-- Task requirements --
After locating the line that contains "Bounding box: 137.1" in the following entries, reproduce it and each later line exactly, including the last.

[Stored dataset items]
++++

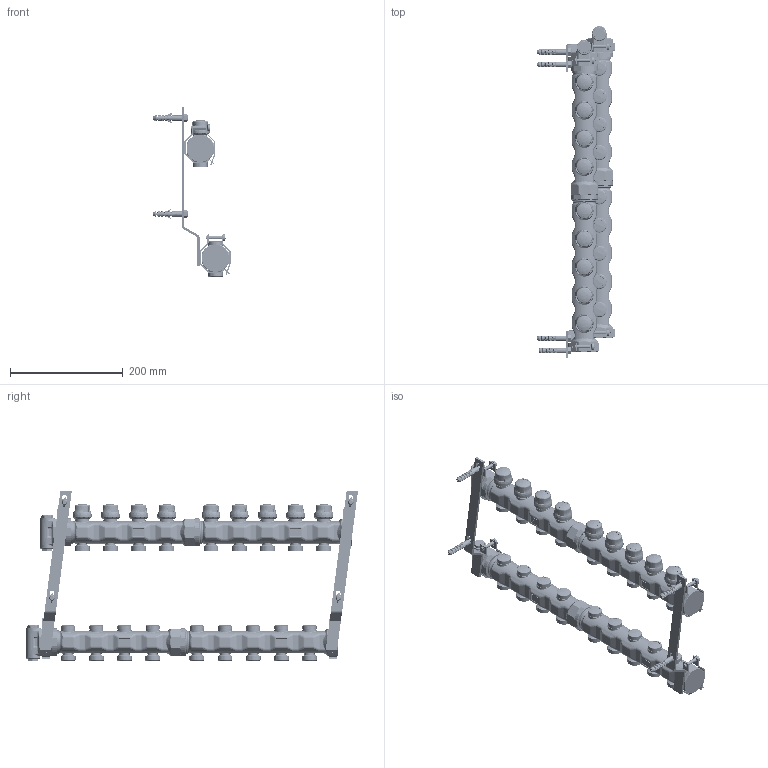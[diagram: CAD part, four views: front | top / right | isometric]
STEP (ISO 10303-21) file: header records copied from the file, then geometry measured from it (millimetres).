
FILE_DESCRIPTION(('CATIA V5 STEP Exchange','CAx-IF Rec.Pracs.--- Model Styling and Organization---1.5--- 2016-08-15','CAx-IF Rec.Pracs.---Supplemental Geometry---1.0---2011-11-01','CAx-IF Rec.Pracs.--- Composite Materials ---3.4---2017-06-13','CAx-IF Rec.Pracs.---Tessellated 3D Geometry---1.0---2015-12-17'),'2;1');
FILE_NAME('STEP_6637I5_-_TST.stp','2025-05-12T13:47:31+00:00',('none'),('none'),'CATIA Version 5-6 Release 2020 SP5','CATIA V5 STEP AP242 v2','none');
FILE_SCHEMA(('AP242_MANAGED_MODEL_BASED_3D_ENGINEERING_MIM_LF {1 0 10303 442 1 1 4}'));
Products named in the file (1): 6637I5 - TST
Bounding box: 137.1 x 589.27 x 302.1 mm (x, y, z)
Volume: 1955367.5 mm3; surface area: 340662.2 mm2
Topology: 1 solids, 27 shells, 9097 faces, 23741 edges, 14415 vertices
Faces by surface type: plane 3614, cylinder 2286, bspline 1518, cone 681, torus 504, sphere 494
Entity records: 339366 total; most frequent: CARTESIAN_POINT 150374, ORIENTED_EDGE 46378, DIRECTION 24114, EDGE_CURVE 23189, VERTEX_POINT 14415, AXIS2_PLACEMENT_3D 10204, B_SPLINE_CURVE_WITH_KNOTS 9833, EDGE_LOOP 9564

++++

-- Response --
Bounding box: 137.1 x 589.27 x 302.1 mm (x, y, z)
Volume: 1955367.5 mm3; surface area: 340662.2 mm2
Topology: 1 solids, 27 shells, 9097 faces, 23741 edges, 14415 vertices
Faces by surface type: plane 3614, cylinder 2286, bspline 1518, cone 681, torus 504, sphere 494
Entity records: 339366 total; most frequent: CARTESIAN_POINT 150374, ORIENTED_EDGE 46378, DIRECTION 24114, EDGE_CURVE 23189, VERTEX_POINT 14415, AXIS2_PLACEMENT_3D 10204, B_SPLINE_CURVE_WITH_KNOTS 9833, EDGE_LOOP 9564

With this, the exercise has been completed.